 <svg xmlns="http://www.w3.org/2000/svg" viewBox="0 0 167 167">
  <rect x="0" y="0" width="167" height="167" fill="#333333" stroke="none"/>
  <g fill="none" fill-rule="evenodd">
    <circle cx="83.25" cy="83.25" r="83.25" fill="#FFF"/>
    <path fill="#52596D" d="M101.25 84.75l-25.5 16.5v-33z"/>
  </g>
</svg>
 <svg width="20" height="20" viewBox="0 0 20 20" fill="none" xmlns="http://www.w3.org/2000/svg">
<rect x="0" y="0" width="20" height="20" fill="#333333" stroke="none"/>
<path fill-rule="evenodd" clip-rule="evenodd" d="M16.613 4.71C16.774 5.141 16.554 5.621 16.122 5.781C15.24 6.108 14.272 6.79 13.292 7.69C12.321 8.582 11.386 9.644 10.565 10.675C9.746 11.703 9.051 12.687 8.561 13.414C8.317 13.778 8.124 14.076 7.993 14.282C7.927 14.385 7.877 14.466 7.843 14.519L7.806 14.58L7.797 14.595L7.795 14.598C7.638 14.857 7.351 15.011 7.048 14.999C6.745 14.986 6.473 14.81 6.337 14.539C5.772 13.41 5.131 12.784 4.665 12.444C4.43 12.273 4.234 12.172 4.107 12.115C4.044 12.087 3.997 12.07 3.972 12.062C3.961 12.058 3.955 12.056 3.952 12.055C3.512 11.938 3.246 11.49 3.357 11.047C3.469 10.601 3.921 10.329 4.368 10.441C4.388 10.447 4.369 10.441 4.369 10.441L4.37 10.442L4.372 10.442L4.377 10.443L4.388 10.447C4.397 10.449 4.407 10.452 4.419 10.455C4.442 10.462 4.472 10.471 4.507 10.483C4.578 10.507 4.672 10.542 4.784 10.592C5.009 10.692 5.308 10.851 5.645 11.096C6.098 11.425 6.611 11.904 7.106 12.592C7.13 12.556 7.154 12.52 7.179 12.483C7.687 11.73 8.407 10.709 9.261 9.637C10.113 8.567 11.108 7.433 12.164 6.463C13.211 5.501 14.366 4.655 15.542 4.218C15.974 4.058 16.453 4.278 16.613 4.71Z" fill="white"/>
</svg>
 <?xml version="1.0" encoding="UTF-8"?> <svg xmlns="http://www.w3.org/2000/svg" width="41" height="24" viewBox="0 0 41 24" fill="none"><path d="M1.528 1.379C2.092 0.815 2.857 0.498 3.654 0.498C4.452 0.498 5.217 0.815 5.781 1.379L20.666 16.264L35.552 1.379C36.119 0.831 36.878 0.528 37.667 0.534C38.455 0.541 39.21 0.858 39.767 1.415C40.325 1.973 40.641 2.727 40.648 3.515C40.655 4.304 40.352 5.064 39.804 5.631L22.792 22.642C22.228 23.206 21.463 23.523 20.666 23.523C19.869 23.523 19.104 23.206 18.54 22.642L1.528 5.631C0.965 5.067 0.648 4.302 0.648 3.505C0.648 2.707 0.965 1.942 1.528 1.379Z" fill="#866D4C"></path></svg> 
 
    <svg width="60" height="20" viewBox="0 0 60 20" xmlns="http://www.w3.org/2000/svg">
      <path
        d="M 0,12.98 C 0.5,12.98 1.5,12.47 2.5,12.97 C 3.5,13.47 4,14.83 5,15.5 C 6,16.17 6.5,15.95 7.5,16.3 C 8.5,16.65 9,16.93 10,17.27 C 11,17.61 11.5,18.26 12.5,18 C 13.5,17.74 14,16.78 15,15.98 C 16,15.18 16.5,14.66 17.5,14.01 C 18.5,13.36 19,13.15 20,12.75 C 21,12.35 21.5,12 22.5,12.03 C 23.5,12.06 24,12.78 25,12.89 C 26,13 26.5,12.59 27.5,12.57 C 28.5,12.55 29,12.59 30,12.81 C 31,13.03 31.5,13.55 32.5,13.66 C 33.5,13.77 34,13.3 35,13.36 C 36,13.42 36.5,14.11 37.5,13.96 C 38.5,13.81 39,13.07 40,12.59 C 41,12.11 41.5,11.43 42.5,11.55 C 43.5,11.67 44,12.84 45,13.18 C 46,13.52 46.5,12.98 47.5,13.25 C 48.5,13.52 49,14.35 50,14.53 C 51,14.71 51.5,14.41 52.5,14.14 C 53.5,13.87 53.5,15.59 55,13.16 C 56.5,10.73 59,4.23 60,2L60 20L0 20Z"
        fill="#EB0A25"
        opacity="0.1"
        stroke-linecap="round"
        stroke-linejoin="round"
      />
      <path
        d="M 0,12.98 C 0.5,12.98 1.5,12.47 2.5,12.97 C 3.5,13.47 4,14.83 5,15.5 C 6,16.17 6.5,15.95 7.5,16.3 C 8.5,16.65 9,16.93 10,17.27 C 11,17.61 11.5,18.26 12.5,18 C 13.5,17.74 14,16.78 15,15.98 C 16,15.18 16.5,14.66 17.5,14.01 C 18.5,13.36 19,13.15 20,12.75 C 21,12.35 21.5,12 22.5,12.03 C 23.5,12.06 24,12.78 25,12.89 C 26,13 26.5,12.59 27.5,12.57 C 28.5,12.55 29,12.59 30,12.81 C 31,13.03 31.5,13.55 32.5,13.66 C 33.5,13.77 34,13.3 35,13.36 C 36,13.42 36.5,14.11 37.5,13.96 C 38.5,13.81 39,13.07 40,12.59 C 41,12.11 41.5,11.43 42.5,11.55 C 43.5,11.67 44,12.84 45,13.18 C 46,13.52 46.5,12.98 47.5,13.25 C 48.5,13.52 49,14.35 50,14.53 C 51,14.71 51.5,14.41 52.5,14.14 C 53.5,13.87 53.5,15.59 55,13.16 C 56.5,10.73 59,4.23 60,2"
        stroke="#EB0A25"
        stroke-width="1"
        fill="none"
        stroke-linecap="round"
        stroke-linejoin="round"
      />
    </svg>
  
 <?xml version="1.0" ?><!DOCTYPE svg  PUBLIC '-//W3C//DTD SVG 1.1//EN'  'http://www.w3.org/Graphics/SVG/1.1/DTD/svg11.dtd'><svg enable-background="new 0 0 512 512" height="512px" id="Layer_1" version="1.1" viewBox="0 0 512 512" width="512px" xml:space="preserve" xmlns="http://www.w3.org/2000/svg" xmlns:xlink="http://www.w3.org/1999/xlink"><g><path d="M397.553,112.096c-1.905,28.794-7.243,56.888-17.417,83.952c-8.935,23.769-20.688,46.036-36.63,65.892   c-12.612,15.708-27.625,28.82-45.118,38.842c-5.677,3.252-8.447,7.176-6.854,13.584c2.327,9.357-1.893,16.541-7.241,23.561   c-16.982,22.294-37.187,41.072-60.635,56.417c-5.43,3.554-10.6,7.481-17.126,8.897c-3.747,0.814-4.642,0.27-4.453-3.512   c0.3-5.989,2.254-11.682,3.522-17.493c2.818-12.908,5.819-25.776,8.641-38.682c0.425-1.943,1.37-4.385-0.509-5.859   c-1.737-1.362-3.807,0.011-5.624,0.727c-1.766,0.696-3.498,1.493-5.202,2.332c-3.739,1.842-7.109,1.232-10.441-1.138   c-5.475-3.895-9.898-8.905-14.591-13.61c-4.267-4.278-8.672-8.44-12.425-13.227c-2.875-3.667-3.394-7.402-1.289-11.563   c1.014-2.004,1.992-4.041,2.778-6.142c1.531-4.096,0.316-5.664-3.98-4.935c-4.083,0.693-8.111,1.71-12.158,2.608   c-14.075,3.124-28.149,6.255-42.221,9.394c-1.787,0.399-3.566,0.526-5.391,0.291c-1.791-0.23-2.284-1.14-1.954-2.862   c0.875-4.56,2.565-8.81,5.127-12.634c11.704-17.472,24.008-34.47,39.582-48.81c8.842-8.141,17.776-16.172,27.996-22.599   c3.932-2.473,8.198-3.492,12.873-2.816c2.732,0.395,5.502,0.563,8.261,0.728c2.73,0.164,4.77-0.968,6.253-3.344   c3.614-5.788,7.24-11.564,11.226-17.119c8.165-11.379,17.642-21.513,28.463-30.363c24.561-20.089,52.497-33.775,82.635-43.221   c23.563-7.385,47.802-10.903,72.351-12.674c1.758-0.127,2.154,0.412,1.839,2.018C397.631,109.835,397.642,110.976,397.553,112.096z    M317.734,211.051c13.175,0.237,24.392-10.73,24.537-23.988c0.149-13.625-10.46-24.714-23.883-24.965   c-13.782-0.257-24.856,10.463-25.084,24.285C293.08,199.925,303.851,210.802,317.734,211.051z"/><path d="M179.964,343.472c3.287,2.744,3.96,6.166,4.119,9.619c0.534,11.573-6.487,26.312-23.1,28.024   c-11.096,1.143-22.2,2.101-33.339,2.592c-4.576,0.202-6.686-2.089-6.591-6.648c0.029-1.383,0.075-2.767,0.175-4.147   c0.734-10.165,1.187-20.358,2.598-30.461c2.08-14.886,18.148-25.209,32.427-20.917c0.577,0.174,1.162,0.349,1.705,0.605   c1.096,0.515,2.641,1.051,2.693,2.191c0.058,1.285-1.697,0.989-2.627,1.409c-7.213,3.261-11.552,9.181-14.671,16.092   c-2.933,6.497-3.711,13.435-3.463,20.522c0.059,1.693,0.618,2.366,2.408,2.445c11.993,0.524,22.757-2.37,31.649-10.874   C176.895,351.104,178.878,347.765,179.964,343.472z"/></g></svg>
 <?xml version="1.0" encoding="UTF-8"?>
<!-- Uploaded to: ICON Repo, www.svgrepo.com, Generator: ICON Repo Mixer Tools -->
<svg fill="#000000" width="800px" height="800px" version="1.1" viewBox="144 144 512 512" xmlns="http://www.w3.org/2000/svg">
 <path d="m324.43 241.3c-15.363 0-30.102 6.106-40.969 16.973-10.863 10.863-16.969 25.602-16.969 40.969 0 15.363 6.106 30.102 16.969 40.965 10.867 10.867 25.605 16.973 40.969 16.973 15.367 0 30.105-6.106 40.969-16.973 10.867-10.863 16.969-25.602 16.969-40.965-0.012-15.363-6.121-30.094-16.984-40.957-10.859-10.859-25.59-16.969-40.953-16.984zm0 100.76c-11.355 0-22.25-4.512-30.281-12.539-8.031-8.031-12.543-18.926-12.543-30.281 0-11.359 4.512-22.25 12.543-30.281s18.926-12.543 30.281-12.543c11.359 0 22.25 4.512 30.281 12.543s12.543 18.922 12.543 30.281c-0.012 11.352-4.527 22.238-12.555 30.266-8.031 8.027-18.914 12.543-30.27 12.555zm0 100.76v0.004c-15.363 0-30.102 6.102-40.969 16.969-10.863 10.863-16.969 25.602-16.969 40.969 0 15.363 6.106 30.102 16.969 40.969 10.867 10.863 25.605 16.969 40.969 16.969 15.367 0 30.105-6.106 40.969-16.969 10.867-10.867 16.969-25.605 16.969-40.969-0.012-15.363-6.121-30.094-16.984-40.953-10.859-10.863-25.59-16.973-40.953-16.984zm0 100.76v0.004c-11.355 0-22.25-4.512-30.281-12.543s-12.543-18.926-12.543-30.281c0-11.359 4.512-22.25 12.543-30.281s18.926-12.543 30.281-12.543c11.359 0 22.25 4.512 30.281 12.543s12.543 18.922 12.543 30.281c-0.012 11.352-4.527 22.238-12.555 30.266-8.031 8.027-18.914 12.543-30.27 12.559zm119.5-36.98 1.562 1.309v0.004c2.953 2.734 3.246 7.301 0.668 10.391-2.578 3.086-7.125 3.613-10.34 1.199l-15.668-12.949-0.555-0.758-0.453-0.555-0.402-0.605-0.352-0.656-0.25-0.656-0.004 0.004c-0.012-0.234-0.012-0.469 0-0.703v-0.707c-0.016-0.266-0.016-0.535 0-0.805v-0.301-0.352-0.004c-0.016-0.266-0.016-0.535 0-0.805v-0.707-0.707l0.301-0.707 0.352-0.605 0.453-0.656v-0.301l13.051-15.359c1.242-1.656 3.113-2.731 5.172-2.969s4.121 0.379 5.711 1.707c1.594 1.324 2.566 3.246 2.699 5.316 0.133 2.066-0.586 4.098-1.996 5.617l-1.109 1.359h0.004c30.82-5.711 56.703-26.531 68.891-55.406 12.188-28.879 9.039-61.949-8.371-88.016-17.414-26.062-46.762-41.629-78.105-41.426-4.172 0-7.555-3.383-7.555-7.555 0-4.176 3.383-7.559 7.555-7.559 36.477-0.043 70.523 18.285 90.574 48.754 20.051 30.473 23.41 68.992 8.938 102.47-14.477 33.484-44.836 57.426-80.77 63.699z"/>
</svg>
__________
Which lines of the records above contain the word "stroke"? Report each one in full.

  <rect x="0" y="0" width="167" height="167" fill="#333333" stroke="none"/>
<rect x="0" y="0" width="20" height="20" fill="#333333" stroke="none"/>
        stroke-linecap="round"
        stroke-linejoin="round"
        stroke="#EB0A25"
        stroke-width="1"
        stroke-linecap="round"
        stroke-linejoin="round"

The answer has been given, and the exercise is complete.